Exemplary Embodiments
[0091] In one aspect, an article configured for release of a
therapeutic agent in a colon of a subject is described. In some
embodiments, the article comprises a first portion comprising a
secretion inducing agent and a second portion, adjacent to the
first portion, where the second portion comprises a therapeutic
agent. Certain embodiments of the article may also be configured
with a degradable coating.
[0092] In certain aspects, an article configured to release a
therapeutic agent in a portion of an intestine of a subject is
described. Some embodiments of the article comprise a first
component configured to increase the amount of intestinal fluid
present in the intestine of the subject and a second component
associated with the first component configured to release a
therapeutic agent in the intestine of the subject.
[0093] In another aspect, a method of intestinal drug delivery is
described. The method comprises exposing a portion of an intestine
of a subject to an intestinal secretion inducing agent such that
the intestine is induced to release intestinal fluids. In some
embodiments, the method provides a therapeutic agent to a portion
of a intestine of the subject such that the secretion inducing
agent increases the amount of the therapeutic agent available for
absorption by the intestine of the subject.
[0094] In yet another aspect, a method for administering an
article, comprising a therapeutic agent, to a subject is described.

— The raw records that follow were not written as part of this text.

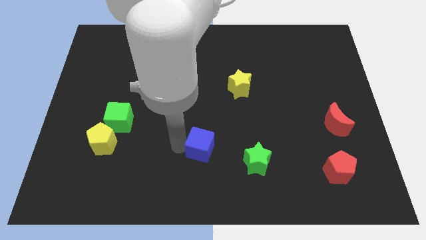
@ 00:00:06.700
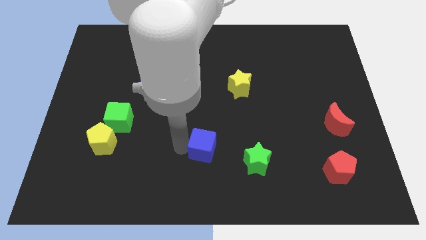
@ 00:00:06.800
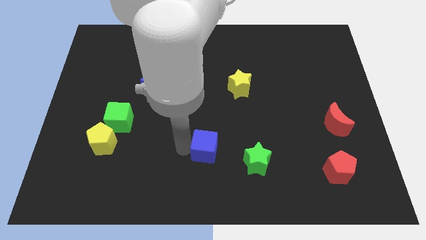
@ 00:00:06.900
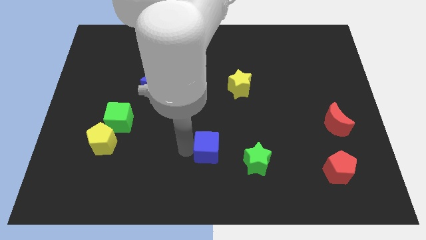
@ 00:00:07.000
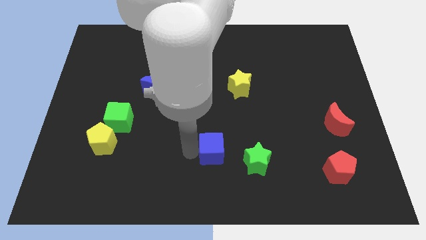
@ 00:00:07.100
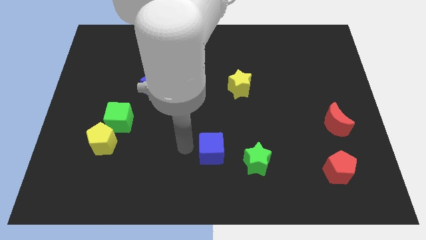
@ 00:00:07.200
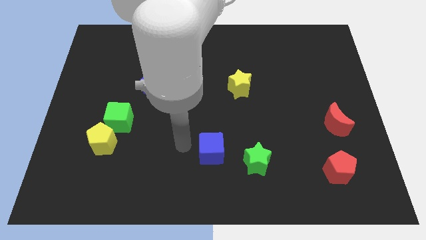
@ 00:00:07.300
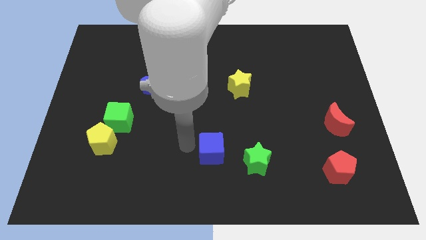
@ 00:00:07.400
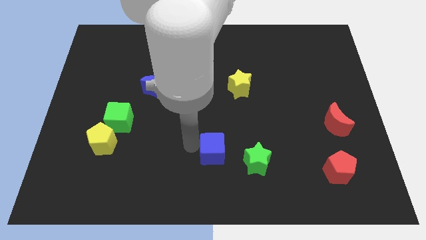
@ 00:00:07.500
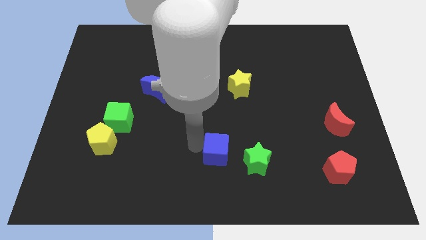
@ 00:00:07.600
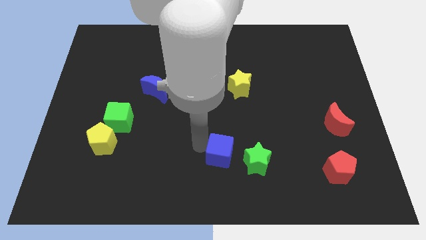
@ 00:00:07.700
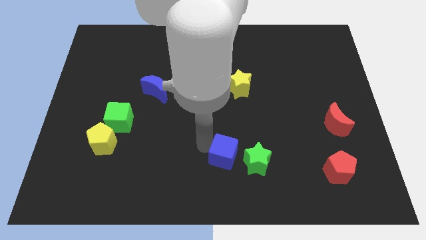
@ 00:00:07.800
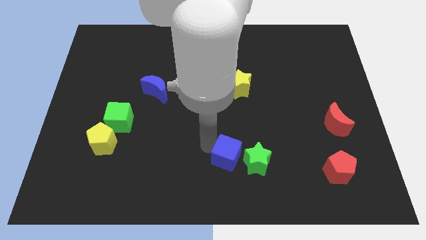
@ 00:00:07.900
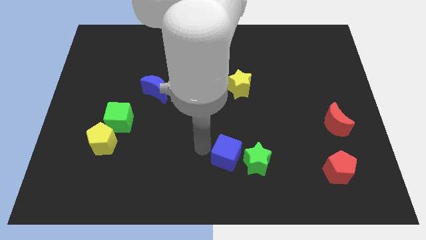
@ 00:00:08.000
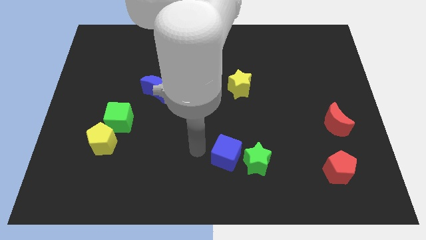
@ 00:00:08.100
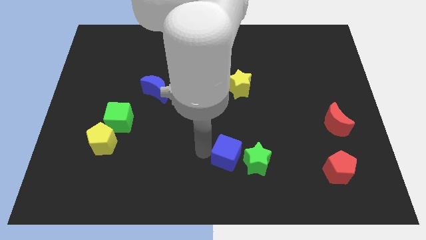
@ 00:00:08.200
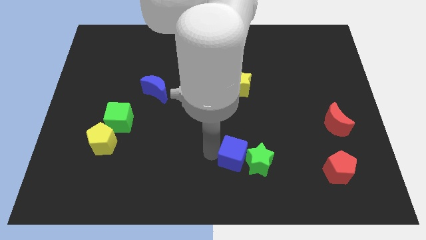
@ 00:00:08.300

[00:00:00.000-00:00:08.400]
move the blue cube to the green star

In some embodiments, the method comprises administering an article
to the subject and releasing a therapeutic agent from the article
to a small intestine of the subject. Certain embodiments of the
method use an article that comprises a first portion comprising a
secretion inducing agent; a second portion, adjacent to the first
portion, comprising the therapeutic agent; and a degradable coating
associated with the article. In some embodiments, the secretion
inducing agent is configured to increase the amount of intestinal
fluid present in a small intestine of the subject.
EXAMPLES
[0095] The following examples are intended to illustrate certain
embodiments of the present invention, but do not exemplify the full
scope of the invention.
Example 1
[0096] This example describes the fabrication and testing of an
exemplary tablet for delivery of a therapeutic agent, in accordance
with certain embodiments.
[0097] The system consists of an article (e.g., a tablet) having a
two-layer core and an Eurdragit S100 coating. The first, extended
release, layer comprises 81% Na-CDC, 17% Hydroxypropylmethyl
cellulose (MW:120.000) and 2% magnesium stearate. The second, boost
release, layer comprises 98% Na-CDC and 2% magnesium stearate.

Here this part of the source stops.